GitLab Usage Statistics
Adoption - GitLab Usage Statistics
Using GitLab Version Check, GitLab usage data is pushed into Salesforce for both CE, EE and EE trial users. Once in Salesforce application, you will see a tab called “Usage Statistics”. Using the drop down view, you can select CE, EE trails or EE to see all usage data sent to GitLab. Since version check is pulling the host name, the lead will be recorded as the host name. Once you have identified the correct company name, please update the company name. Example: change gitlab.boeing.com to Boeing as the company name.
To view the usage, click the hyperlink under the column called “Usage Statistics”. The link will consist of several numbers and letters like, a3p61012001a002. You can also access usage statistics on the account object level within Salesforce. Within the account object, there is a section called “Usage Ping Data”, which will contain the same hyperlink as well as a summary of version they are using, active users, historical users, license user count, license utilization % and date data was sent to us.
A few example of how to use Usage Statistics to pull insight and drive action?
- If prospecting into CE users, you can sort by active users to target large CE instances. You can see what they are using within GitLab, like issues, CI build, deploys, merge requests, boards, etc. You can then target your communications to learn how they are using GitLab internally and educate them on what is possible with EE.
- For current EE users who are below their license utilization, you can engage the customer to understand their plan to rollout GitLab internally and how/where we can help them with adoption.
- For current EE users who are above their license utilization, you can leverage the data to engage the customer. Celebrate the adoption of GitLab within their organization. Ask why the adoption took off? How they are using it (use cases)? Engage them in amending their contract right now for the add-on? Update the renewal opportunity to reflect the increase in usage for the true-up and new renewal amount.
- For current EE users who are not using a EE feature, i.e. CI or issues, you can engage the customer to understand why they are not using it. Do they know we offer it? Are they using a competitive tool? Have the integrated their current tool into GitLab? Are they open to learning more about what we offer to replace their current tool?
- For EE trials. What EE features are they using and not using? If using a EE feature, what are they trying to solve and evaluate? If not using, why and are they open to evaluating that feature?
Take a look at a Training Video to explain in greater detail by searching for the “Sales Training” folder on the Google Drive.
Open Source users - GitLab CE Instances and CE Active Users on SFDC Accounts
In an effort to make the Usage/Version ping data simpler to use in SFDC, there are 2 fields directly on the account layout - “CE Instances” and “Active CE Users” under the “GitLab/Tech Stack Information” section on the Salesforce account record.

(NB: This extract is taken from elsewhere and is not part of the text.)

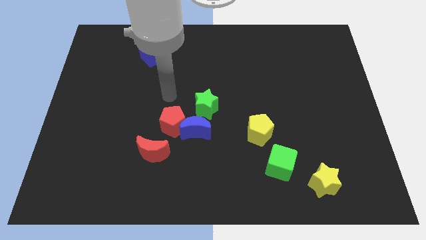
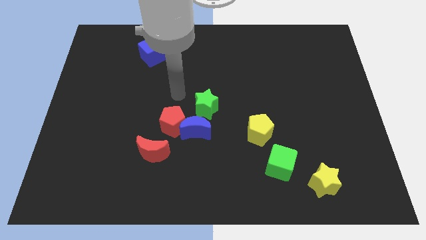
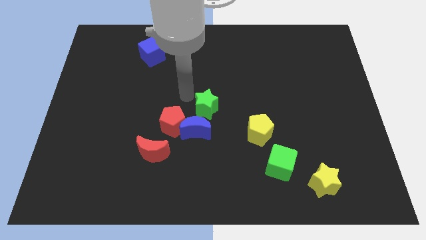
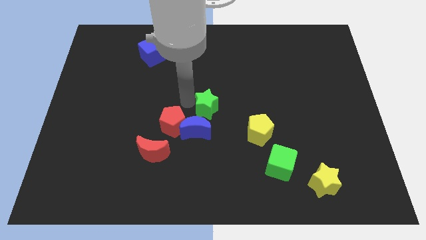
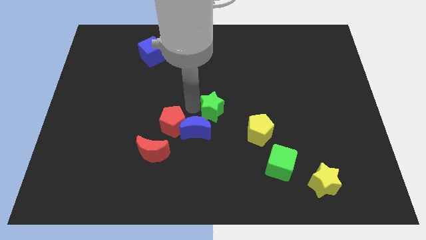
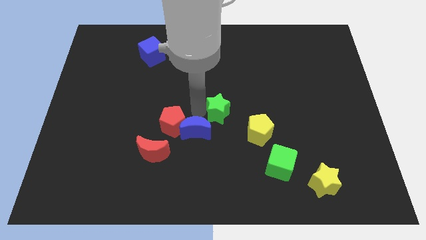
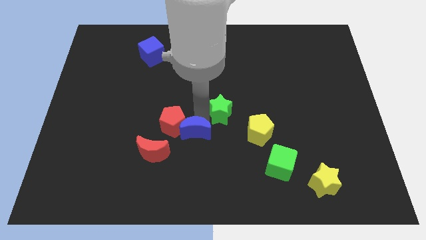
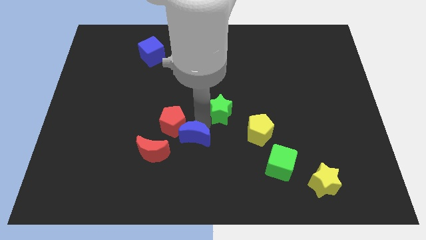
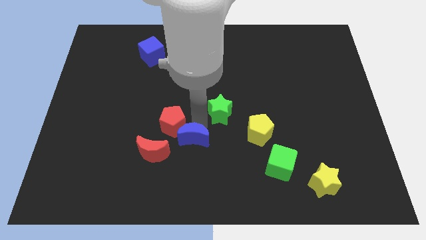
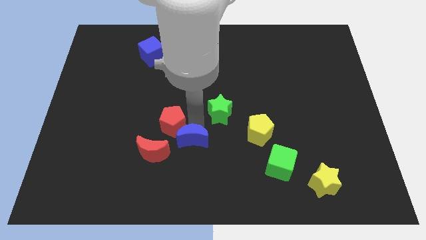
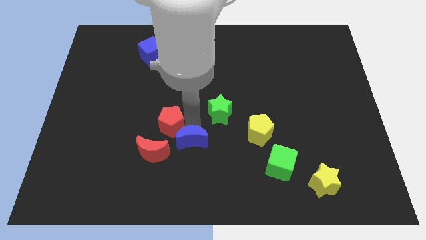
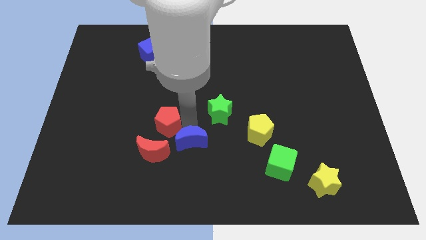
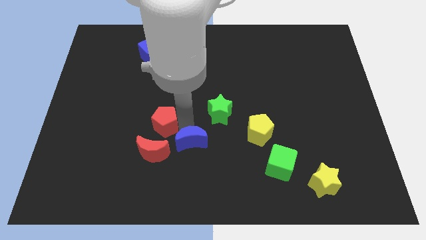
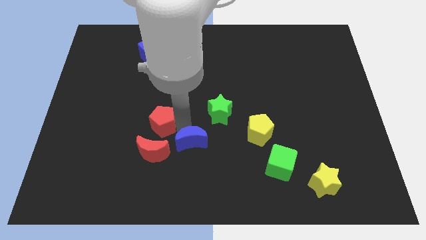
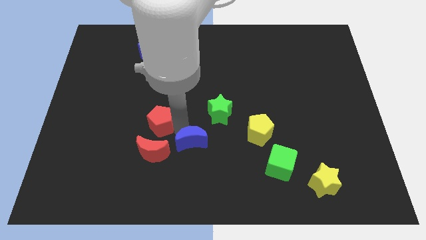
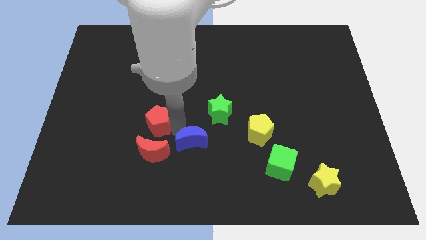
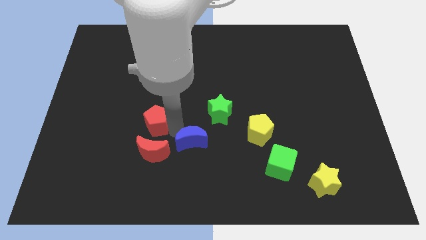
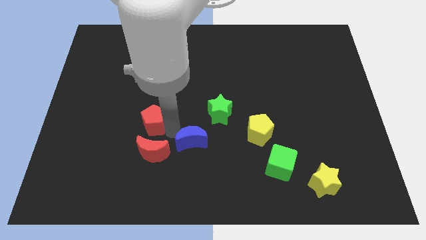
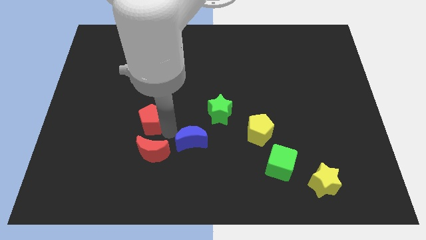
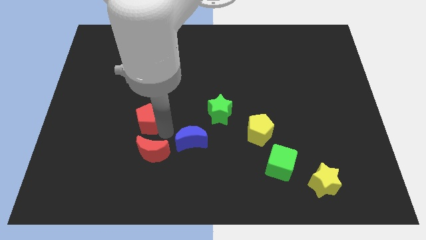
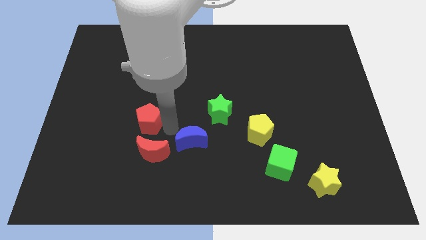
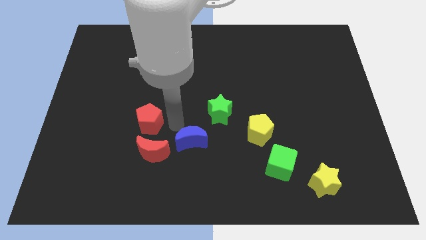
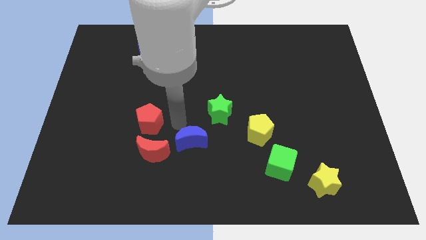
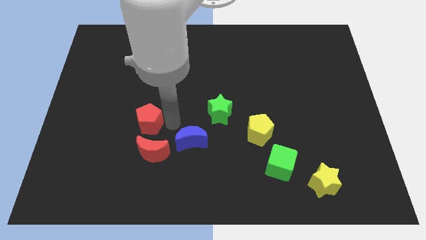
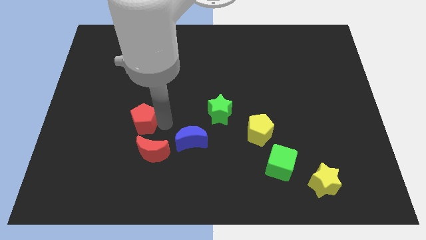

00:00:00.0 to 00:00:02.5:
push the red pentagon a little to the left

The source of these fields is to use the latest version ping record for and usage record for each host seen in the last 60 days and combine them into a single record. The hosts are separated into domain-based hosts and IP-based hosts. For IP based hosts, we run the IP through a reverse-DNS lookup to attempt to translate to a domain-based host. If no reverse-DNS lookup (PTR record) is found, we run the IP through a whois lookup and try to extract a company name, for instance, if the IP is part of a company’s delegated IP space. We discard all hosts that we are unable to identify because they have a reserved IP address (internal IP space) or are hosted in a cloud platform like GCP, Alibaba Cloud, or AWS as there is no way to identify those organizations through this data. For domain-based hosts, we use the Datafox &/or DiscoverOrg domain lookup API to identify the company and firmographic data associated with the organization and finally the Google Geocoding API to parse, clean, and standardize the address data as much as possible.
These stats will be aggregated up and only appear on the Ultimate Parent account in SFDC when there are children (since we don’t really know which host goes to which child).
To see a list of accounts by # of CE users or instances, you can use the CE Users list view in SFDC. To filter for just your accounts, hit the “edit” button and Filter for “My Accounts”. Make sure to save it under a different name so you don’t wipe out the original. These fields are also available in SFDC reporting.
A few caveats about this data:
- The hosts are mapped based on organization name, domain, and contact email domains to relate the instances to SFDC accounts as accurately as possible, but we may occasionally create false associations. Let the Data & Analytics team know when you find errors or anomalies.
- Both fields can be blank, but the organization can still be a significant CE user. Both fields being blank just means that there are no instances sending us version or usage pings, not necessarily that there are no active instances.
- Users can be the same person in multiple instances, so if a user exists in several instances at an organization with the usage ping on, they are counted each time they appear in an instance. Users may also be external to an organization, so the number of users may not represent employees and can thus be higher than the number of employees.
- These numbers represent the minimum amount that GitLab is likely being used within the organization, since some instances may have these pings turned on and some off. They also may have just the version ping on, in which case we won’t see the number of users. This should not be interpreted as having instances but no users.
For the process of working these accounts, appending contacts from third-party tools, and reaching out, please refer to the business operations section of the handbook.